At frame 166, the President passed behind an oak tree obscuring the assassin’s scope view. He briefly reappeared at frame 186, with full clearance from frame 210 onward. His neck-wound reaction became “barely apparent” at frame 225, indicating he was struck between frames 210 and 225, positioned 138.9 to 153.8 feet west of station C at the Houston curbline.

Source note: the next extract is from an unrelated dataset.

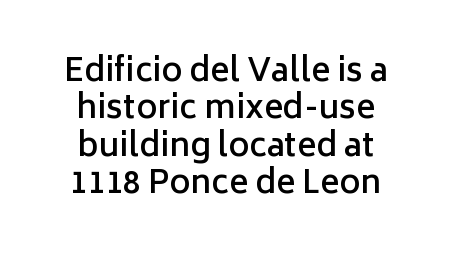
{"serif": "no", "italic": "no", "bold": "semi", "weight": "semibold", "width": "normal", "stroke_contrast": "low", "x_height": "medium", "monospaced": "no", "underline": "no", "align": "center", "line_spacing_ratio": 1.17, "letter_spacing": "normal", "letter_spacing_em": 0.0, "glyph_px": 32}
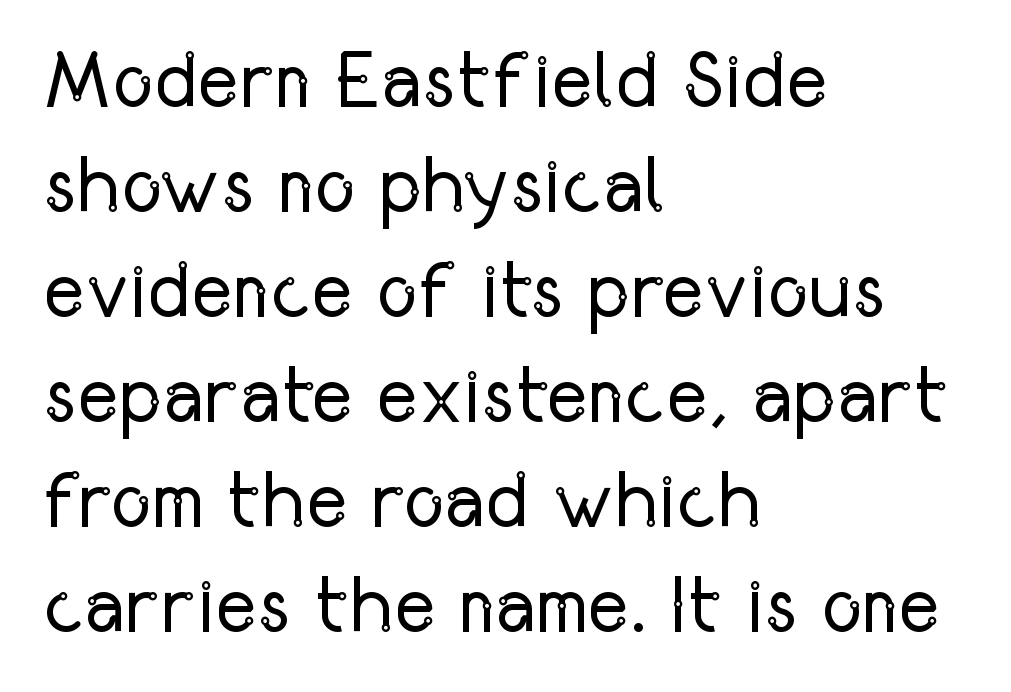
{"serif": "no", "italic": "no", "bold": "no", "weight": "regular", "width": "condensed", "stroke_contrast": "low", "x_height": "medium", "monospaced": "no", "underline": "no", "align": "left", "line_spacing": "normal", "line_spacing_ratio": 1.33, "letter_spacing": "normal", "letter_spacing_em": 0.0, "glyph_px": 79}

Frazier testified the bullet exiting Kennedy’s neck at high velocity could not have missed the limousine and its occupants, and windshield damage could not have resulted from it. Since no other bullet struck the vehicle, the shot most likely struck Connally, seated before Kennedy. Surveying through the rifle’s scope at frames 207 and 210 yielded declination angles of 21°34’ and 20°11’, averaging 20°52’30“. Adjusting for the 3°9’ downward street grade produced a probable angle through Kennedy’s body of 17°43’30“—consistent with a trajectory entering Connally’s back and exiting below his right nipple, matching Dr. Shaw’s measured 25° declination through Connally’s chest. Army experts Drs. Olivier and Arthur J. Dziemian, chief of the Wound Ballistics Branch, concluded it was “very good” probability that a single bullet caused both men’s wounds.